**Your assignment**
Give back the records below exactly, omitting the pictures.

**Provided records**
###
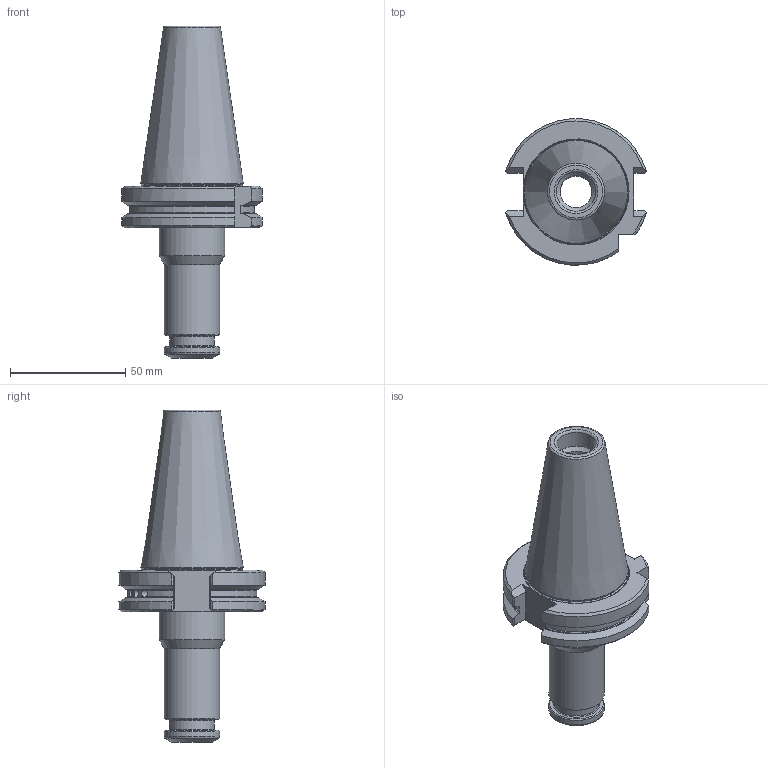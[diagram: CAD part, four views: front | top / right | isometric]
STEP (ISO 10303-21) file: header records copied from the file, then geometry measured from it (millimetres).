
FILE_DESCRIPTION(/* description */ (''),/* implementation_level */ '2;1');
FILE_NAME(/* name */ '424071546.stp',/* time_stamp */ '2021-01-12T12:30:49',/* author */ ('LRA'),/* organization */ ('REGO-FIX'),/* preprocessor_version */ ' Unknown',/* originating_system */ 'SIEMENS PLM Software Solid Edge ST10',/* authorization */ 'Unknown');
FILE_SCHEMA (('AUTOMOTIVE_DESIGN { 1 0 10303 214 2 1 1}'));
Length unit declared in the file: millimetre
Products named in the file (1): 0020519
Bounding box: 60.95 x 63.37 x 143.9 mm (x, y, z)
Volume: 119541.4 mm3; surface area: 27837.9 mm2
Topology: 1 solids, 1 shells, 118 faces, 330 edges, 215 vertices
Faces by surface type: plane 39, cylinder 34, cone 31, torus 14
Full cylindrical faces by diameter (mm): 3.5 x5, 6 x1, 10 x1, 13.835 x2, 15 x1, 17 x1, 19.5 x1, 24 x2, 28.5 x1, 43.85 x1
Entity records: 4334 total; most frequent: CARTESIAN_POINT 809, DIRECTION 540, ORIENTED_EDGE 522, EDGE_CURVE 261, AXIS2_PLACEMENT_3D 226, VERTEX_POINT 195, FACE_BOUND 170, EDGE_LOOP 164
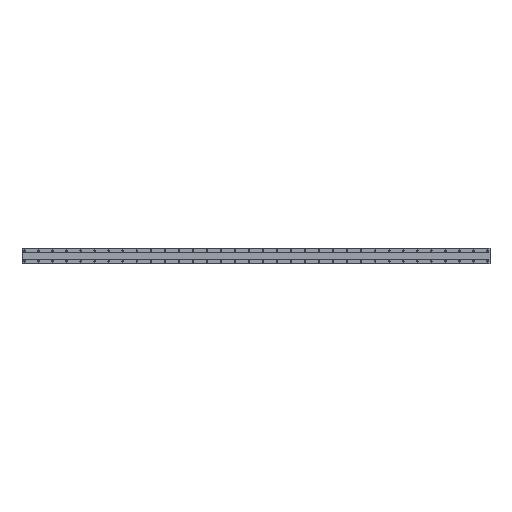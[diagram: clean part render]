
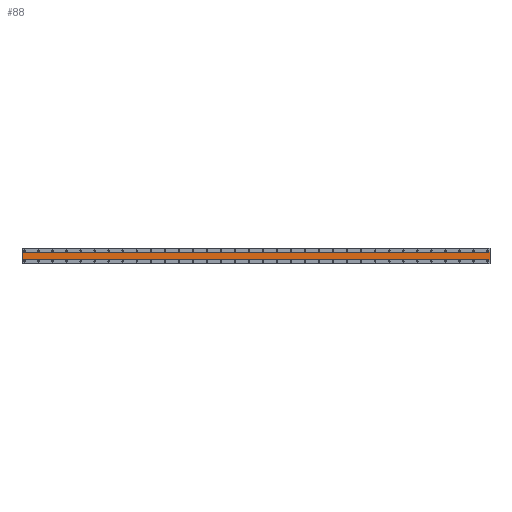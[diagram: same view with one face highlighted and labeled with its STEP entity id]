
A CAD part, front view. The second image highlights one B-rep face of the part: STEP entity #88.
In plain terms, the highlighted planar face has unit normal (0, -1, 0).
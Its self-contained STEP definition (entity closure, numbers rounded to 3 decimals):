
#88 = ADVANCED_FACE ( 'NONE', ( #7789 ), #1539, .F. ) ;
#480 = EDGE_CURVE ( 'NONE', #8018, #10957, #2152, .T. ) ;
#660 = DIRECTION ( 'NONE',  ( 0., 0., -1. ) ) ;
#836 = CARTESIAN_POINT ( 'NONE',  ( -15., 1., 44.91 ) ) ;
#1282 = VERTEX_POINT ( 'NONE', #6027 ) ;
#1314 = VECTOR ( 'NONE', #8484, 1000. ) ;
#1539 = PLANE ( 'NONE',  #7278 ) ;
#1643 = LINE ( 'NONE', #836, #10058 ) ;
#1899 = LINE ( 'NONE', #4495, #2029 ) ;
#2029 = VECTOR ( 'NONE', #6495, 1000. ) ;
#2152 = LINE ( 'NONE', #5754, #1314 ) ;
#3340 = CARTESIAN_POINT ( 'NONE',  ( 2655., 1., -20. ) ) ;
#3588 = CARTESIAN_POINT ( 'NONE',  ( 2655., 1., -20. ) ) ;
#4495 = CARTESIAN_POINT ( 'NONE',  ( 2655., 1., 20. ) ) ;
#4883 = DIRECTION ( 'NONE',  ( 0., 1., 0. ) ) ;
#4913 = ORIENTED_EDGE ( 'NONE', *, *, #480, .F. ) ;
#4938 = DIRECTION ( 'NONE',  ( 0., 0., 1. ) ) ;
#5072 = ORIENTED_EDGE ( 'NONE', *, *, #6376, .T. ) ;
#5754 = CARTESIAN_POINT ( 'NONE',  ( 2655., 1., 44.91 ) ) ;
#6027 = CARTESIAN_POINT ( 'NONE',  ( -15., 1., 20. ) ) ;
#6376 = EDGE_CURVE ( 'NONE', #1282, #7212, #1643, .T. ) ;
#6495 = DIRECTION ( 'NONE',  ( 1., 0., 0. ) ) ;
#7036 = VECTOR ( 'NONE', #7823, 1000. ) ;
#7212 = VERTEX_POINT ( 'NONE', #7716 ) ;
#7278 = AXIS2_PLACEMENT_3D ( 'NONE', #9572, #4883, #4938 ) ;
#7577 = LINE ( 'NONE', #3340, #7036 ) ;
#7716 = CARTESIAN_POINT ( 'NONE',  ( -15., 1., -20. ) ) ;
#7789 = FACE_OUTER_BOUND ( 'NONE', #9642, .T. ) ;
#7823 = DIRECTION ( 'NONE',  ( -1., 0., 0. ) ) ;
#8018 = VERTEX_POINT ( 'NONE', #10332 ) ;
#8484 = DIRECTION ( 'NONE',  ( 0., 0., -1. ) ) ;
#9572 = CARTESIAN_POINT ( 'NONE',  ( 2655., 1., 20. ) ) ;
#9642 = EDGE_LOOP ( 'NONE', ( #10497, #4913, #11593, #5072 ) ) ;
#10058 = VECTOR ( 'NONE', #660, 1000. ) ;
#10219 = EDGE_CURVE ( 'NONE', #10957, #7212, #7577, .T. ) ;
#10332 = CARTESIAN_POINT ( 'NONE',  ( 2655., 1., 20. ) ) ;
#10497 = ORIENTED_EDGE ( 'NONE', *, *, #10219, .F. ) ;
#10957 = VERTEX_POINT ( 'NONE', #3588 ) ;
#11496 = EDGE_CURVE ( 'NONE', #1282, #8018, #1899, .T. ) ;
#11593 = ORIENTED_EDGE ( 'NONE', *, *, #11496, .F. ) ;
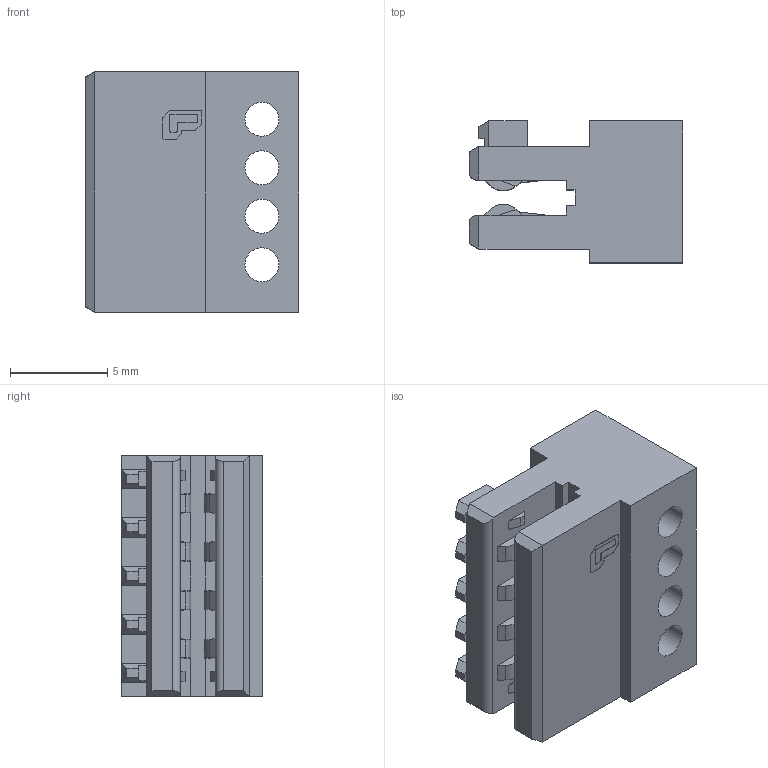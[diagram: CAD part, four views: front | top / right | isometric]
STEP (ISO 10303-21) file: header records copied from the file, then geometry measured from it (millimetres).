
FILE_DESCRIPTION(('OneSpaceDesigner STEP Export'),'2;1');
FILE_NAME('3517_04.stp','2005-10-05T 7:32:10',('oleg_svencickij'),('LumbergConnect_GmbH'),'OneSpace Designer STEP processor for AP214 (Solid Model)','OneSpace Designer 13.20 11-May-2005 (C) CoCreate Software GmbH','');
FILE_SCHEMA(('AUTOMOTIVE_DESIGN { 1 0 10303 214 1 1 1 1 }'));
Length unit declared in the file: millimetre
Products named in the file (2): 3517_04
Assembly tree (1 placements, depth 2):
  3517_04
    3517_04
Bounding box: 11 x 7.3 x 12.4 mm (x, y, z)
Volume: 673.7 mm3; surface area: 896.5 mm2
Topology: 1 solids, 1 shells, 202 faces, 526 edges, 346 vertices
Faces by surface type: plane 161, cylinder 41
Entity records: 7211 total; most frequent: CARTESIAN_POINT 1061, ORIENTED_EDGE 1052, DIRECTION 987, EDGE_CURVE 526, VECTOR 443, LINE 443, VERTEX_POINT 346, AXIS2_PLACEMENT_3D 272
###
**Reply to the exercise**
[diagram: CAD part, four views: front | top / right | isometric]
STEP (ISO 10303-21) file: header records copied from the file, then geometry measured from it (millimetres).
FILE_DESCRIPTION(/* description */ (''),/* implementation_level */ '2;1');
FILE_NAME(/* name */ '424071546.stp',/* time_stamp */ '2021-01-12T12:30:49',/* author */ ('LRA'),/* organization */ ('REGO-FIX'),/* preprocessor_version */ ' Unknown',/* originating_system */ 'SIEMENS PLM Software Solid Edge ST10',/* authorization */ 'Unknown');
FILE_SCHEMA (('AUTOMOTIVE_DESIGN { 1 0 10303 214 2 1 1}'));
Length unit declared in the file: millimetre
Products named in the file (1): 0020519
Bounding box: 60.95 x 63.37 x 143.9 mm (x, y, z)
Volume: 119541.4 mm3; surface area: 27837.9 mm2
Topology: 1 solids, 1 shells, 118 faces, 330 edges, 215 vertices
Faces by surface type: plane 39, cylinder 34, cone 31, torus 14
Full cylindrical faces by diameter (mm): 3.5 x5, 6 x1, 10 x1, 13.835 x2, 15 x1, 17 x1, 19.5 x1, 24 x2, 28.5 x1, 43.85 x1
Entity records: 4334 total; most frequent: CARTESIAN_POINT 809, DIRECTION 540, ORIENTED_EDGE 522, EDGE_CURVE 261, AXIS2_PLACEMENT_3D 226, VERTEX_POINT 195, FACE_BOUND 170, EDGE_LOOP 164
[diagram: clean part render]
[diagram: same view with one face highlighted and labeled with its STEP entity id]
A CAD part, front view. The second image highlights one B-rep face of the part: STEP entity #88.
In plain terms, the highlighted planar face has unit normal (0, -1, 0).
Its self-contained STEP definition (entity closure, numbers rounded to 3 decimals):
#88 = ADVANCED_FACE ( 'NONE', ( #7789 ), #1539, .F. ) ;
#480 = EDGE_CURVE ( 'NONE', #8018, #10957, #2152, .T. ) ;
#660 = DIRECTION ( 'NONE',  ( 0., 0., -1. ) ) ;
#836 = CARTESIAN_POINT ( 'NONE',  ( -15., 1., 44.91 ) ) ;
#1282 = VERTEX_POINT ( 'NONE', #6027 ) ;
#1314 = VECTOR ( 'NONE', #8484, 1000. ) ;
#1539 = PLANE ( 'NONE',  #7278 ) ;
#1643 = LINE ( 'NONE', #836, #10058 ) ;
#1899 = LINE ( 'NONE', #4495, #2029 ) ;
#2029 = VECTOR ( 'NONE', #6495, 1000. ) ;
#2152 = LINE ( 'NONE', #5754, #1314 ) ;
#3340 = CARTESIAN_POINT ( 'NONE',  ( 2655., 1., -20. ) ) ;
#3588 = CARTESIAN_POINT ( 'NONE',  ( 2655., 1., -20. ) ) ;
#4495 = CARTESIAN_POINT ( 'NONE',  ( 2655., 1., 20. ) ) ;
#4883 = DIRECTION ( 'NONE',  ( 0., 1., 0. ) ) ;
#4913 = ORIENTED_EDGE ( 'NONE', *, *, #480, .F. ) ;
#4938 = DIRECTION ( 'NONE',  ( 0., 0., 1. ) ) ;
#5072 = ORIENTED_EDGE ( 'NONE', *, *, #6376, .T. ) ;
#5754 = CARTESIAN_POINT ( 'NONE',  ( 2655., 1., 44.91 ) ) ;
#6027 = CARTESIAN_POINT ( 'NONE',  ( -15., 1., 20. ) ) ;
#6376 = EDGE_CURVE ( 'NONE', #1282, #7212, #1643, .T. ) ;
#6495 = DIRECTION ( 'NONE',  ( 1., 0., 0. ) ) ;
#7036 = VECTOR ( 'NONE', #7823, 1000. ) ;
#7212 = VERTEX_POINT ( 'NONE', #7716 ) ;
#7278 = AXIS2_PLACEMENT_3D ( 'NONE', #9572, #4883, #4938 ) ;
#7577 = LINE ( 'NONE', #3340, #7036 ) ;
#7716 = CARTESIAN_POINT ( 'NONE',  ( -15., 1., -20. ) ) ;
#7789 = FACE_OUTER_BOUND ( 'NONE', #9642, .T. ) ;
#7823 = DIRECTION ( 'NONE',  ( -1., 0., 0. ) ) ;
#8018 = VERTEX_POINT ( 'NONE', #10332 ) ;
#8484 = DIRECTION ( 'NONE',  ( 0., 0., -1. ) ) ;
#9572 = CARTESIAN_POINT ( 'NONE',  ( 2655., 1., 20. ) ) ;
#9642 = EDGE_LOOP ( 'NONE', ( #10497, #4913, #11593, #5072 ) ) ;
#10058 = VECTOR ( 'NONE', #660, 1000. ) ;
#10219 = EDGE_CURVE ( 'NONE', #10957, #7212, #7577, .T. ) ;
#10332 = CARTESIAN_POINT ( 'NONE',  ( 2655., 1., 20. ) ) ;
#10497 = ORIENTED_EDGE ( 'NONE', *, *, #10219, .F. ) ;
#10957 = VERTEX_POINT ( 'NONE', #3588 ) ;
#11496 = EDGE_CURVE ( 'NONE', #1282, #8018, #1899, .T. ) ;
#11593 = ORIENTED_EDGE ( 'NONE', *, *, #11496, .F. ) ;
[diagram: CAD part, four views: front | top / right | isometric]
STEP (ISO 10303-21) file: header records copied from the file, then geometry measured from it (millimetres).
FILE_DESCRIPTION(('OneSpaceDesigner STEP Export'),'2;1');
FILE_NAME('3517_04.stp','2005-10-05T 7:32:10',('oleg_svencickij'),('LumbergConnect_GmbH'),'OneSpace Designer STEP processor for AP214 (Solid Model)','OneSpace Designer 13.20 11-May-2005 (C) CoCreate Software GmbH','');
FILE_SCHEMA(('AUTOMOTIVE_DESIGN { 1 0 10303 214 1 1 1 1 }'));
Length unit declared in the file: millimetre
Products named in the file (2): 3517_04
Assembly tree (1 placements, depth 2):
  3517_04
    3517_04
Bounding box: 11 x 7.3 x 12.4 mm (x, y, z)
Volume: 673.7 mm3; surface area: 896.5 mm2
Topology: 1 solids, 1 shells, 202 faces, 526 edges, 346 vertices
Faces by surface type: plane 161, cylinder 41
Entity records: 7211 total; most frequent: CARTESIAN_POINT 1061, ORIENTED_EDGE 1052, DIRECTION 987, EDGE_CURVE 526, VECTOR 443, LINE 443, VERTEX_POINT 346, AXIS2_PLACEMENT_3D 272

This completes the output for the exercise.